What you have to do
Take every line containing "shows" out of the records.
[Start of section]
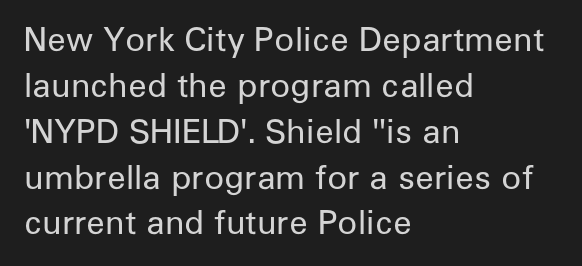
{"serif": "no", "italic": "no", "bold": "no", "weight": "regular", "width": "normal", "stroke_contrast": "low", "x_height": "medium", "monospaced": "no", "underline": "no", "align": "left", "line_spacing": "normal", "line_spacing_ratio": 1.39, "letter_spacing": "normal", "letter_spacing_em": 0.0, "glyph_px": 33}
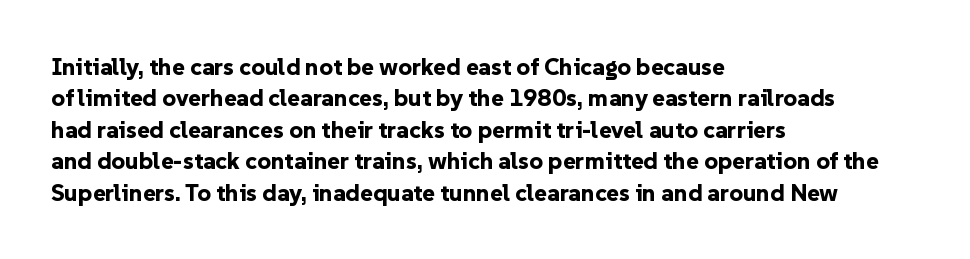
{"italic": "no", "bold": "yes", "underline": "no", "align": "left", "line_spacing": "normal", "line_spacing_ratio": 1.31, "letter_spacing": "normal", "letter_spacing_em": 0.0, "glyph_px": 24}
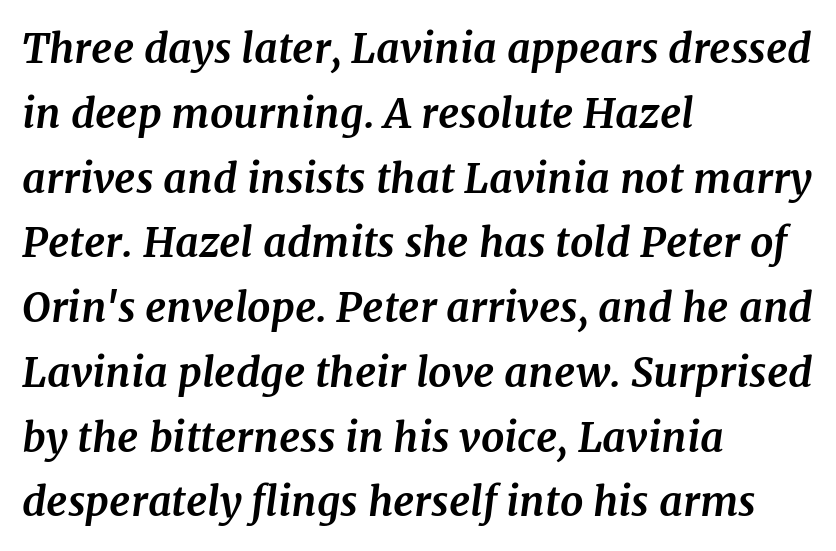
{"serif": "yes", "italic": "yes", "lean": "right", "slant_degrees": 7, "bold": "yes", "weight": "bold", "width": "normal", "stroke_contrast": "medium", "x_height": "medium", "monospaced": "no", "underline": "no", "align": "left", "line_spacing": "normal", "line_spacing_ratio": 1.58, "letter_spacing": "normal", "letter_spacing_em": 0.0, "glyph_px": 41}
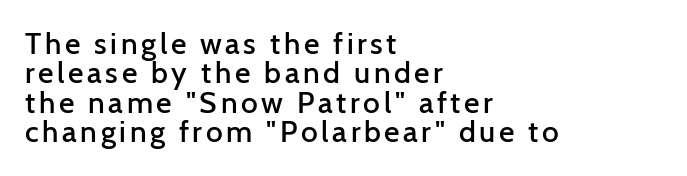
The image shows 30 px semibold sans-serif type, upright; set left-aligned, tight line spacing (0.98x), not underlined; low stroke contrast and a medium x-height.
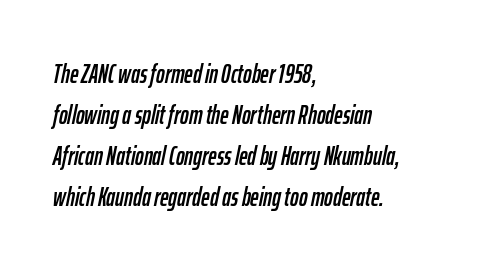
{"italic": "yes", "lean": "right", "slant_degrees": 12, "underline": "no", "align": "left", "line_spacing": "normal", "line_spacing_ratio": 1.58, "letter_spacing": "normal", "letter_spacing_em": 0.0, "glyph_px": 26}
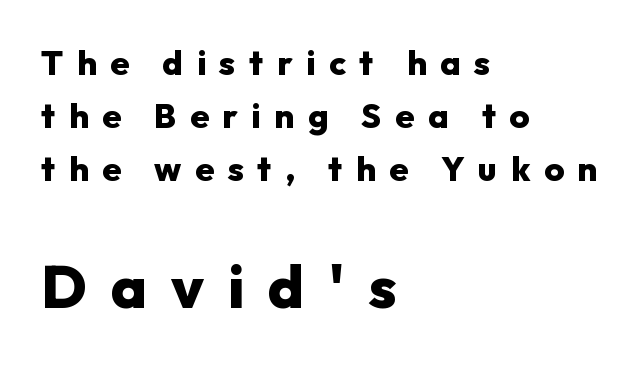
One-word summary of the alignment: left. Block two is the big one; block one sits smaller above it. Bold? Absolutely — the strokes are thick and heavy. A typesetter would call this leading conventional body-copy spacing.
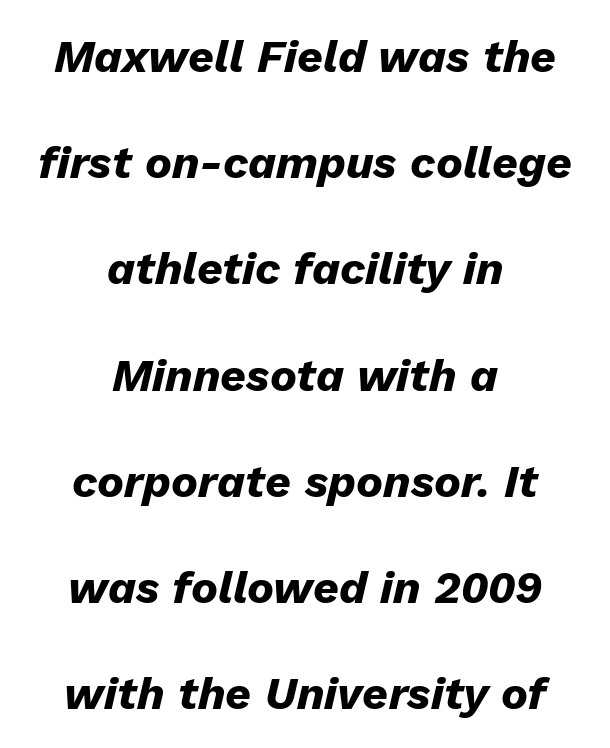
The image shows 45 px heavy type, italic (leaning right); set centered, loose line spacing (2.36x), normal letter spacing, not underlined; low stroke contrast and a medium x-height.
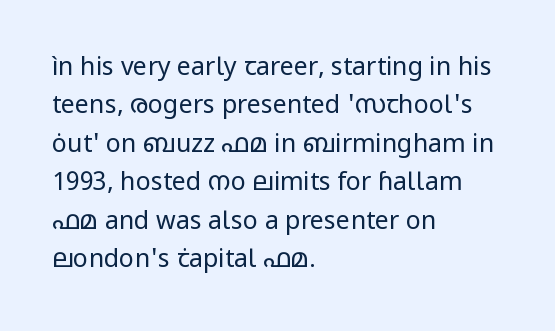
This sample uses an upright cut, with every glyph sitting square on the baseline. The string is rendered with underlining switched off. Tracking value appears to be zero — textbook default spacing. The lines in this sample share a left origin and differ only in where they stop. Vertical spacing — default.
[End of section]
Written response
The image shows 30 px semibold sans-serif type, upright; set left-aligned, tight line spacing (0.98x), not underlined; low stroke contrast and a medium x-height.
The image shows 45 px heavy type, italic (leaning right); set centered, loose line spacing (2.36x), normal letter spacing, not underlined; low stroke contrast and a medium x-height.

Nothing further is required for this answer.